The Supreme Court has consistently held that the government has a legitimate interest in executing a valid search warrant under Title III. In United States v. New York Telephone Company, 434 U.S. 159, 164 (1977), this Court held that a telephone company could be compelled to assist the government in the installation of pen registers.[18] This Court recognized that if the telephone company were to prohibit the government from enforcing a valid court order, this would frustrate Congress's intention to make the pen register a permissible law enforcement tool. ]Id. at 178. Under the All Writs Act, federal courts have the inherent authority to issue and enforce search warrants. Id. at 176-78. By enacting the CCA, Congress seeks to preserve the government's ability to carry out a valid search warrant.

Furthermore, Congress could prohibit the use of strong encryption. It poses a direct threat to law enforcement and national security. Courts have upheld statutes prohibiting the use of dangerous articles of commerce. See United States v. Callahan, 669 F.2d 923 (4th Cir. 1992) (upholding a state statute which banned the possession and use of flashpaper). A registration requirement is certainly a less intrusive means of addressing the problem than outright prohibition. Therefore, the registration requirement is reasonable under the circumstances even if it does impact on some legitimate privacy expectation.
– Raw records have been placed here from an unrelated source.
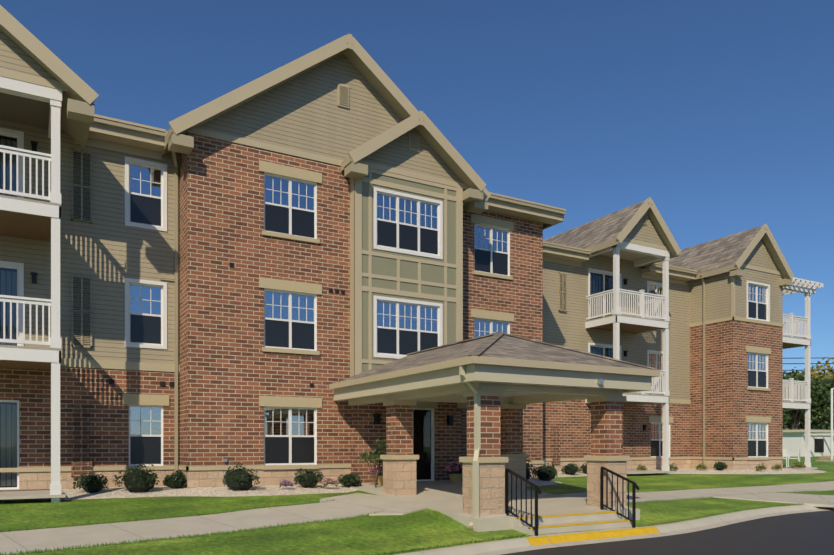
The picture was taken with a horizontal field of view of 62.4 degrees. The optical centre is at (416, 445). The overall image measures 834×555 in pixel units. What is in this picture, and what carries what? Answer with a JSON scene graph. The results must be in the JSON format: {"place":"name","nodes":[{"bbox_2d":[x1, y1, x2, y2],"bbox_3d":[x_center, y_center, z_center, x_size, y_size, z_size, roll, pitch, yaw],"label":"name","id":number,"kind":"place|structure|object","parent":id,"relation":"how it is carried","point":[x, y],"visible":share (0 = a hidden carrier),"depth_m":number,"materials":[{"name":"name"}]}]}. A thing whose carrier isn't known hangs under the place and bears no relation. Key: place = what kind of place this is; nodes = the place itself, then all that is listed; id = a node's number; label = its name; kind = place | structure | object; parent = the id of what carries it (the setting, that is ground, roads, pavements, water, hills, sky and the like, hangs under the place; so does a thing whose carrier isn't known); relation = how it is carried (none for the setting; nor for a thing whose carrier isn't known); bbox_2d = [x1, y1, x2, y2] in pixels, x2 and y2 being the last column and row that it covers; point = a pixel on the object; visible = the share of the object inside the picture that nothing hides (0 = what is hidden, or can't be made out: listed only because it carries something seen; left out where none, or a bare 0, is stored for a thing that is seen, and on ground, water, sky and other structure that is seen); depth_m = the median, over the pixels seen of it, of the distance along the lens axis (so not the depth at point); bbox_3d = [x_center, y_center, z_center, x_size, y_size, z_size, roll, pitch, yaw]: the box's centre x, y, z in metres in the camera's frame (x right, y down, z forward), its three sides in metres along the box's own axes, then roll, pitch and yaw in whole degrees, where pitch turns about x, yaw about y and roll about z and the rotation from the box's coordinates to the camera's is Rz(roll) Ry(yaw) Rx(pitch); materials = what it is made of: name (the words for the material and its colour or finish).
{"place":"outdoors","nodes":[
{"label":"outdoors","id":0,"kind":"place"},
{"bbox_2d":[0,456,833,554],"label":"lawn","id":1,"kind":"structure","parent":0,"point":[376,534],"depth_m":13.91,"materials":[{"name":"green plant"}]},
{"bbox_2d":[0,485,824,554],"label":"grass edges","id":2,"kind":"object","parent":1,"relation":"on","point":[170,537],"depth_m":11.81,"materials":[{"name":"green plant"}]},
{"bbox_2d":[0,481,833,554],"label":"sidewalks","id":3,"kind":"structure","parent":1,"relation":"on","point":[350,505],"depth_m":13.34,"materials":[{"name":"concrete"}]},
{"bbox_2d":[73,439,805,492],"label":"shrubs","id":4,"kind":"object","parent":1,"relation":"on","point":[138,479],"visible":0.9,"depth_m":17.00,"materials":[{"name":"green plant"}]},
{"bbox_2d":[329,332,659,536],"bbox_3d":[1.537,-0.396,16.649,4.997,4.451,7.536,0,0,-30],"label":"canopy","id":5,"kind":"object","parent":1,"relation":"on","point":[493,384],"visible":0.92,"depth_m":14.79,"materials":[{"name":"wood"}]},
{"bbox_2d":[368,461,462,485],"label":"flowers","id":6,"kind":"object","parent":5,"relation":"on","point":[454,472],"visible":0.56,"depth_m":19.59,"materials":[{"name":"green plant"}]},
{"bbox_2d":[0,0,833,375],"label":"sky","id":7,"kind":"structure","parent":0,"point":[719,113],"materials":[{"name":"blue"}]},
{"bbox_2d":[502,510,831,554],"bbox_3d":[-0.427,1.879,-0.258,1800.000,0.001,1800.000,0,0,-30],"label":"terrain","id":8,"kind":"structure","parent":0,"point":[654,537],"depth_m":14.01,"materials":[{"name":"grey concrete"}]},
{"bbox_2d":[0,5,793,490],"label":"building","id":9,"kind":"structure","parent":8,"relation":"on","point":[252,271],"depth_m":18.44,"materials":[{"name":"brick"}]},
{"bbox_2d":[0,76,822,501],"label":"balconies","id":10,"kind":"structure","parent":9,"relation":"attached to","point":[30,104],"depth_m":15.26,"materials":[{"name":"wood"}]},
{"bbox_2d":[783,449,799,466],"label":"chairs","id":11,"kind":"object","parent":10,"relation":"on","point":[785,453],"visible":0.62,"depth_m":32.81,"materials":[{"name":"white plastic"}]},
{"bbox_2d":[783,357,833,429],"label":"trees","id":12,"kind":"object","parent":8,"relation":"on","point":[820,409],"visible":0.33,"depth_m":75.51,"materials":[{"name":"green plant"}]},
{"bbox_2d":[504,510,833,554],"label":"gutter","id":13,"kind":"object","parent":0,"point":[809,533],"depth_m":13.08,"materials":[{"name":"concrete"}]},
{"bbox_2d":[395,504,833,554],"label":"kerb","id":14,"kind":"structure","parent":13,"relation":"on","point":[506,546],"depth_m":13.55,"materials":[{"name":"concrete"}]},
{"bbox_2d":[783,358,833,461],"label":"background building","id":15,"kind":"structure","parent":0,"point":[822,443],"depth_m":65.54,"materials":[{"name":"white"}]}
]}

C. If the Key Registration Requirement is a Search, It is a Regulatory Search

Even if the key escrow requirement is a search for Fourth Amendment purposes, it is a regulatory search which does not require a warrant under National Treasury Employees Union v. Von Raab, 489 U.S. 656 (1989). In Von Raab, the United States Customs Service required its field employees to submit to drug screening without any suspicion of drug use. This Court upheld the requirement, balancing the individual's privacy interest against the special needs of the government to assure that its field employees were drug free. Von Raab, 489 U.S. at 666.

Von Raab is applicable to all routinized disclosure requirements, not just situations where the government is the employer. This Court notes at the outset of the opinion that the government's position as employer does not exempt it from the reasonableness standard of the Fourth Amendment. Von Raab, 489 U.S. at 665 (citing O'Connor v. Ortega, 480 U.S. 709, 717 (1989)). However, this Court went on to state that "neither a warrant nor probable cause, nor, indeed, any measure of individualized suspicion, is an indispensable component of reasonableness in every circumstance." Von Raab, 489 U.S. at 665.

In Von Raab, this Court relied on the fact that the search was not made for routine law enforcement purposes, but rather to prevent the development of hidden conditions which could pose a serious threat. Von Raab, 489 U.S. at 668. The Customs Service could not use the results of the drug tests for criminal prosecution without consent of the party tested, so its purpose was clearly to prevent the development of hidden conditions rather than provide for criminal prosecution. The same is true of the CCA. The government may not use the key without a court order requiring its use from the escrow agency. Therefore, its purpose is to prevent the widespread use of strong encryption by criminals without the possibility of search. Its purpose is not to aid in the prosecution of anyone absent probable cause obtained on other grounds.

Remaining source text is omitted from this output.